Problem description ▸
Return the entries exactly. Images are not part of the copy.

Stored data
___
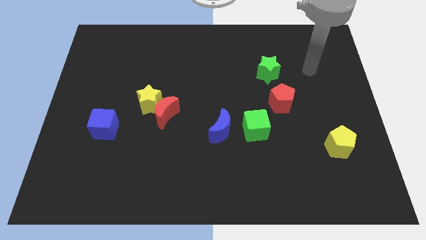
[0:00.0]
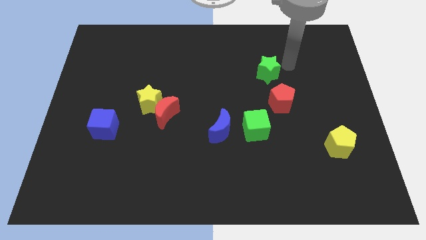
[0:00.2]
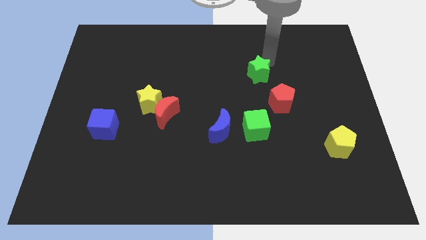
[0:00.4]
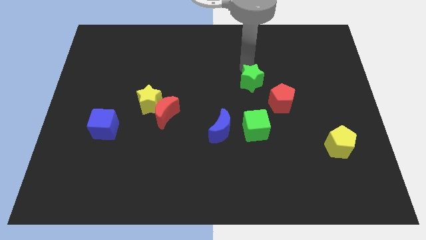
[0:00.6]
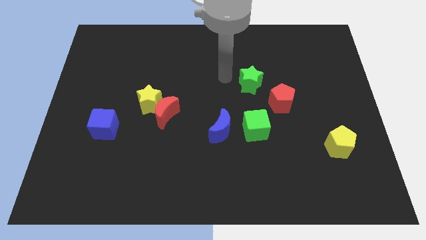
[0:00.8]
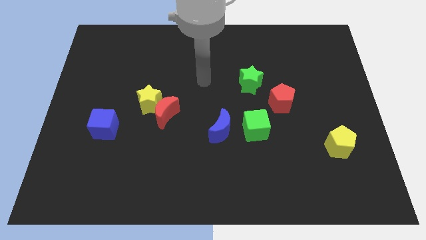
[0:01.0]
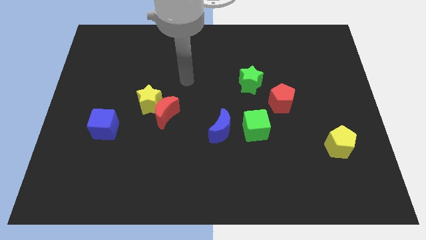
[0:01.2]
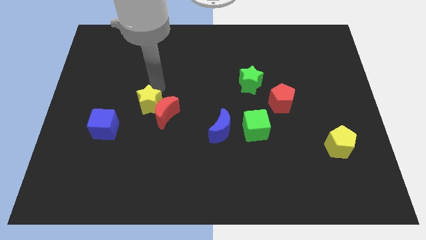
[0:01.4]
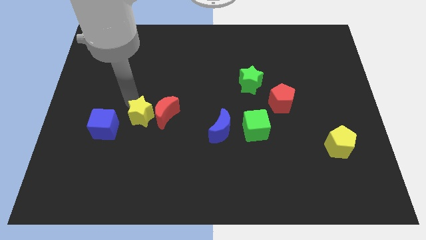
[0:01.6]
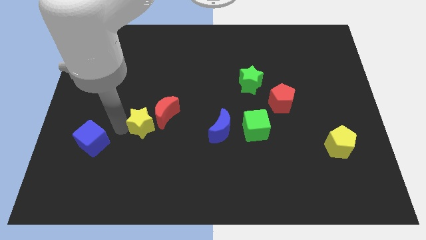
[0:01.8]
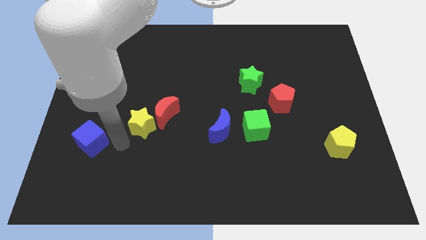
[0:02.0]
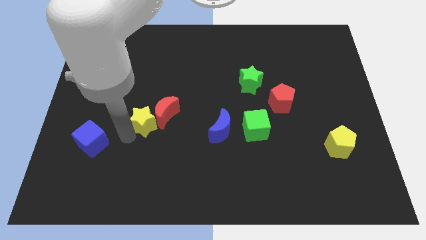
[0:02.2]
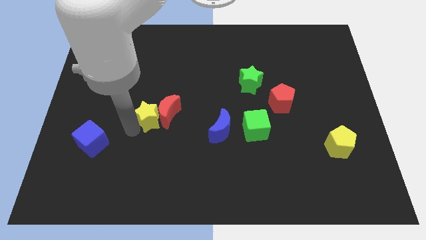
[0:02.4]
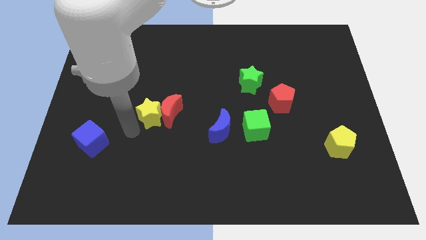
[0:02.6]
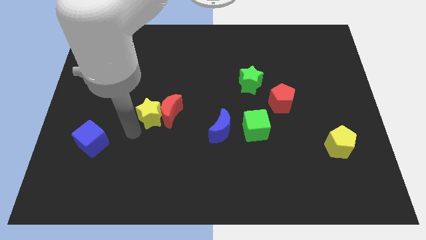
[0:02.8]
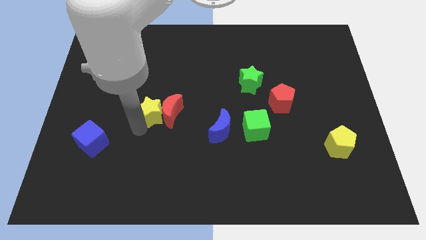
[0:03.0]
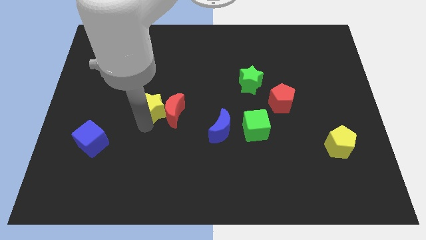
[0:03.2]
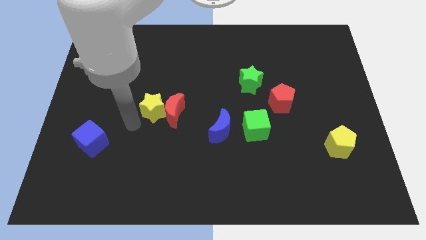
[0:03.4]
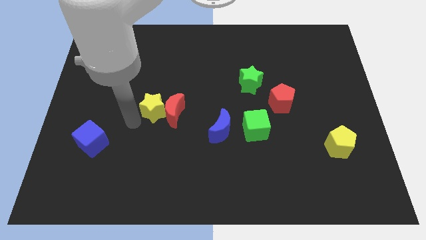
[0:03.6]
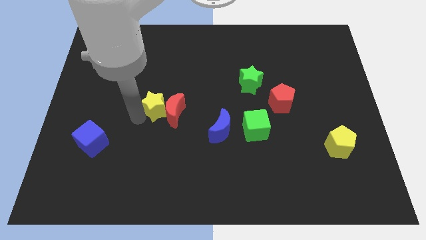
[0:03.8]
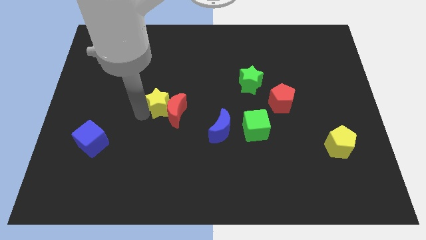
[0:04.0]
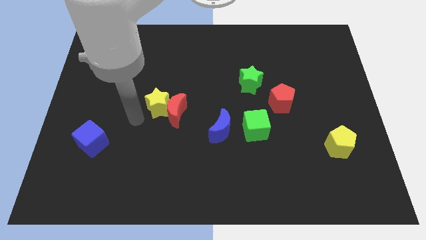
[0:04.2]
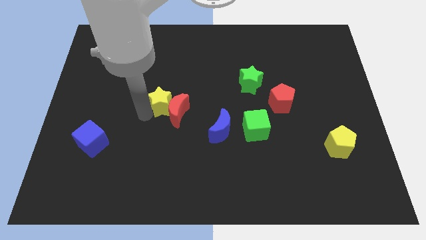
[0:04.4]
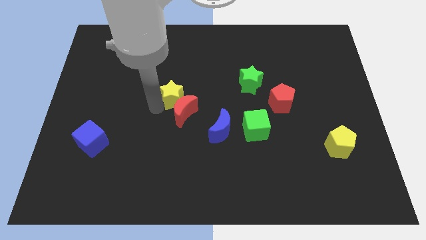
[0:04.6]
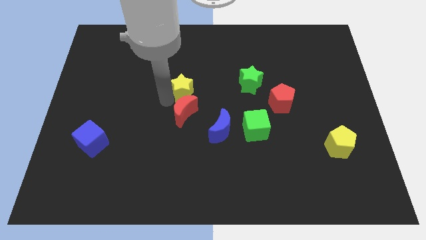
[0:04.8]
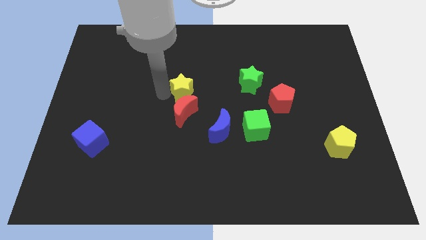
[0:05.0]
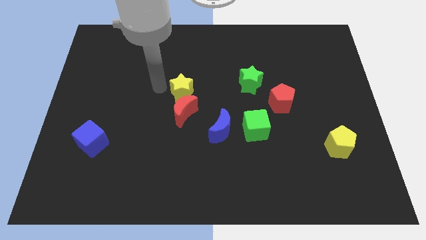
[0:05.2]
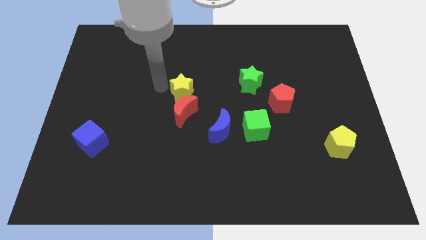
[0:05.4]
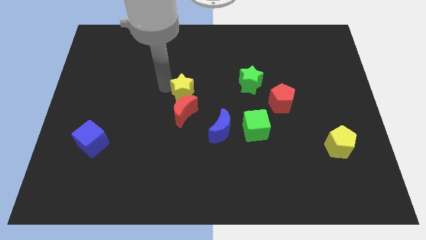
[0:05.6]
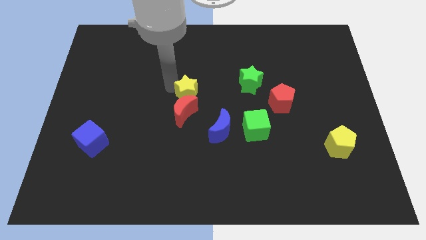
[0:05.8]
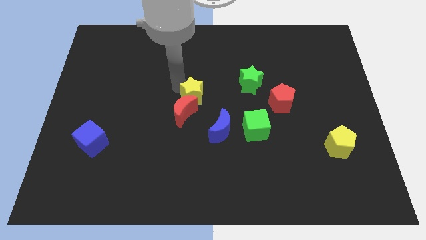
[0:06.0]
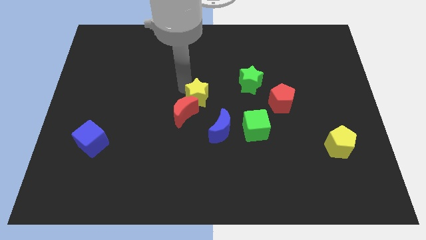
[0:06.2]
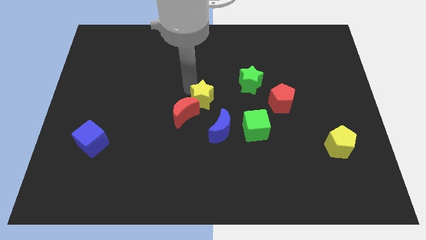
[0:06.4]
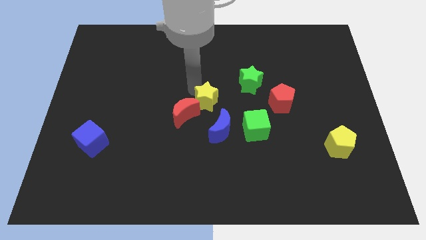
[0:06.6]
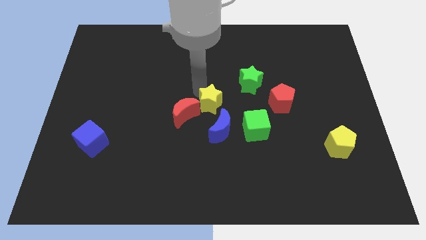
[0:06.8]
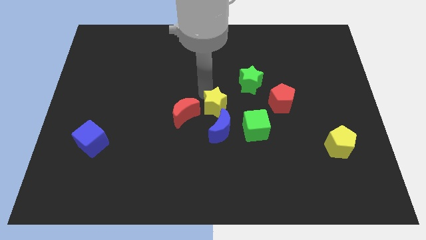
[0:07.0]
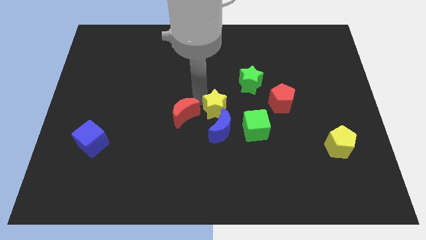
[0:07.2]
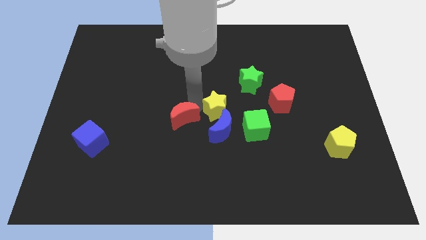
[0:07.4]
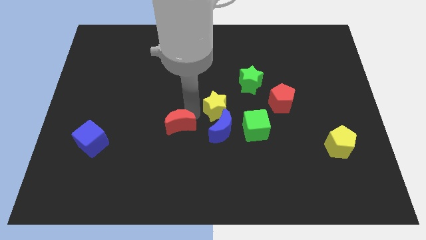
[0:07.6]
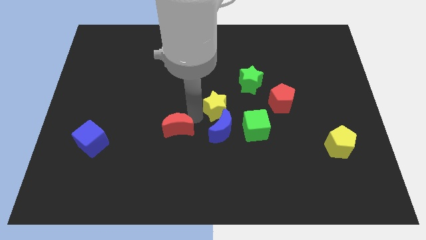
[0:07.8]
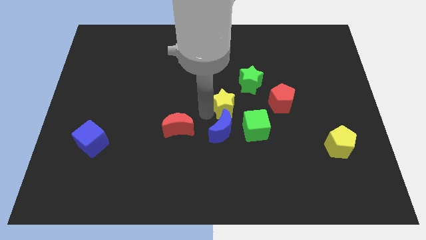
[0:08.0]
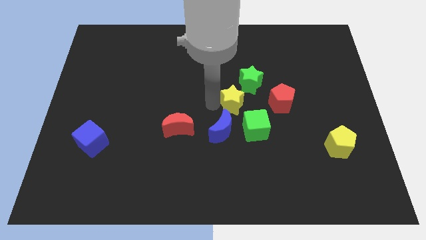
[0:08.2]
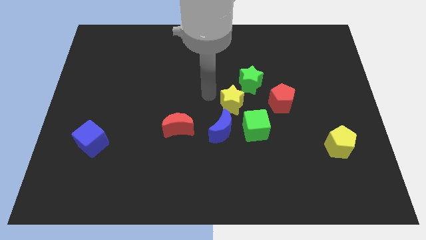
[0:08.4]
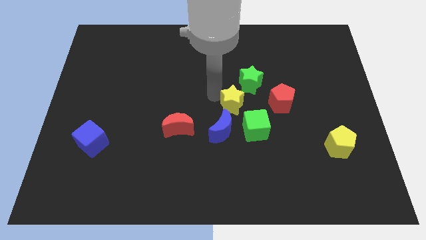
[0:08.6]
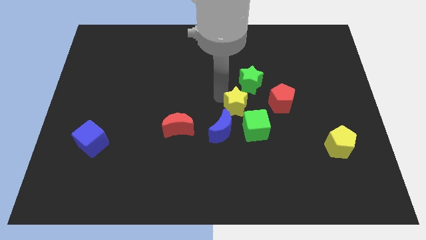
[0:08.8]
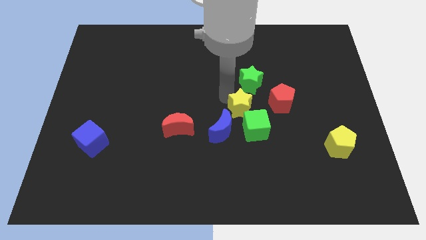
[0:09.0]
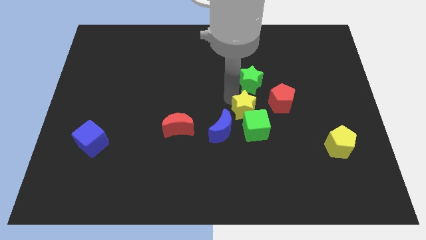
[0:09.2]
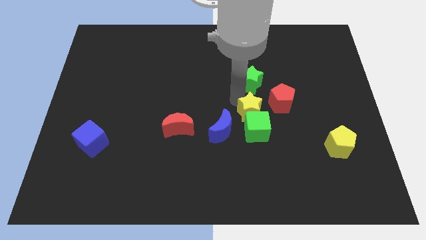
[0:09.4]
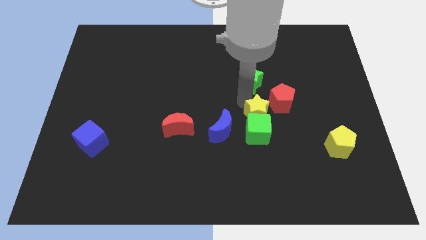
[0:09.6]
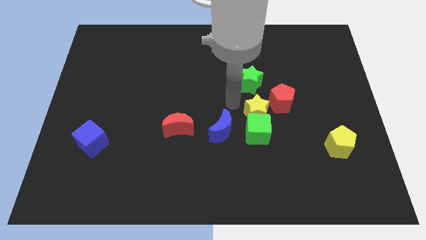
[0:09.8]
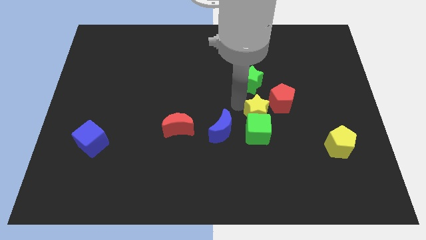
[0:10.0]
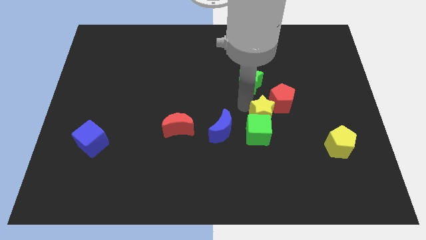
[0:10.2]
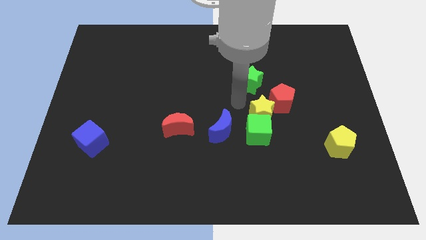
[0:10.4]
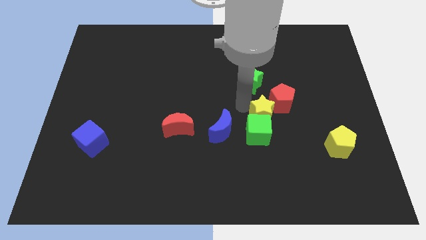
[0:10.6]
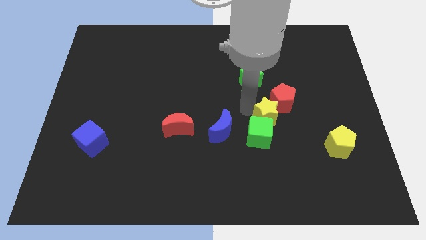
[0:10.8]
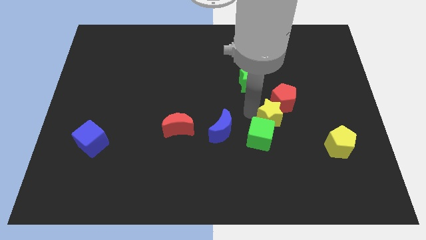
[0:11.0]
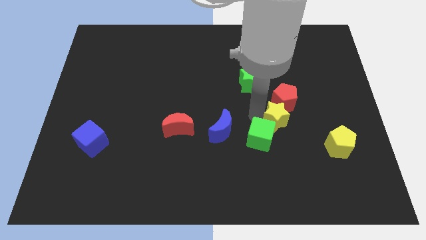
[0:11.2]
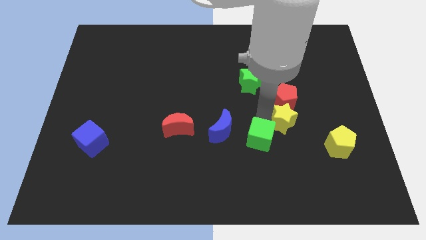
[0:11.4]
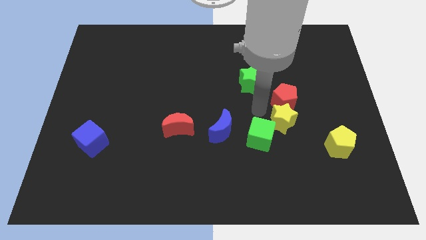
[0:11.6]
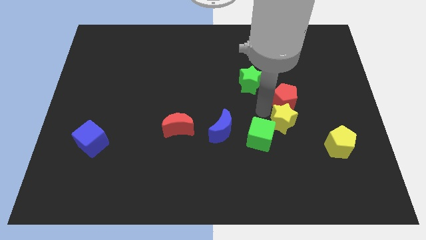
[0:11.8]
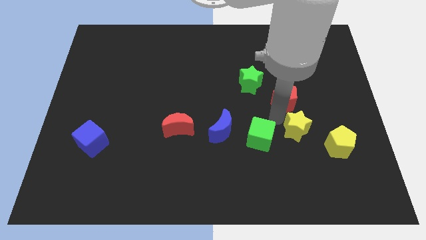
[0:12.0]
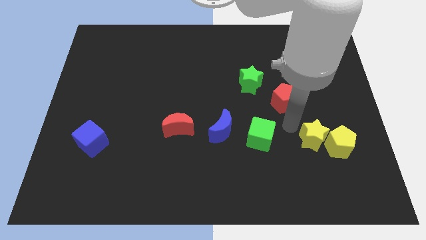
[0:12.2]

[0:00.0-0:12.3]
move the yellow star next to the yellow pentagon
___
Response below ▸
[0:00.0]
[0:00.2]
[0:00.4]
[0:00.6]
[0:00.8]
[0:01.0]
[0:01.2]
[0:01.4]
[0:01.6]
[0:01.8]
[0:02.0]
[0:02.2]
[0:02.4]
[0:02.6]
[0:02.8]
[0:03.0]
[0:03.2]
[0:03.4]
[0:03.6]
[0:03.8]
[0:04.0]
[0:04.2]
[0:04.4]
[0:04.6]
[0:04.8]
[0:05.0]
[0:05.2]
[0:05.4]
[0:05.6]
[0:05.8]
[0:06.0]
[0:06.2]
[0:06.4]
[0:06.6]
[0:06.8]
[0:07.0]
[0:07.2]
[0:07.4]
[0:07.6]
[0:07.8]
[0:08.0]
[0:08.2]
[0:08.4]
[0:08.6]
[0:08.8]
[0:09.0]
[0:09.2]
[0:09.4]
[0:09.6]
[0:09.8]
[0:10.0]
[0:10.2]
[0:10.4]
[0:10.6]
[0:10.8]
[0:11.0]
[0:11.2]
[0:11.4]
[0:11.6]
[0:11.8]
[0:12.0]
[0:12.2]

[0:00.0-0:12.3]
move the yellow star next to the yellow pentagon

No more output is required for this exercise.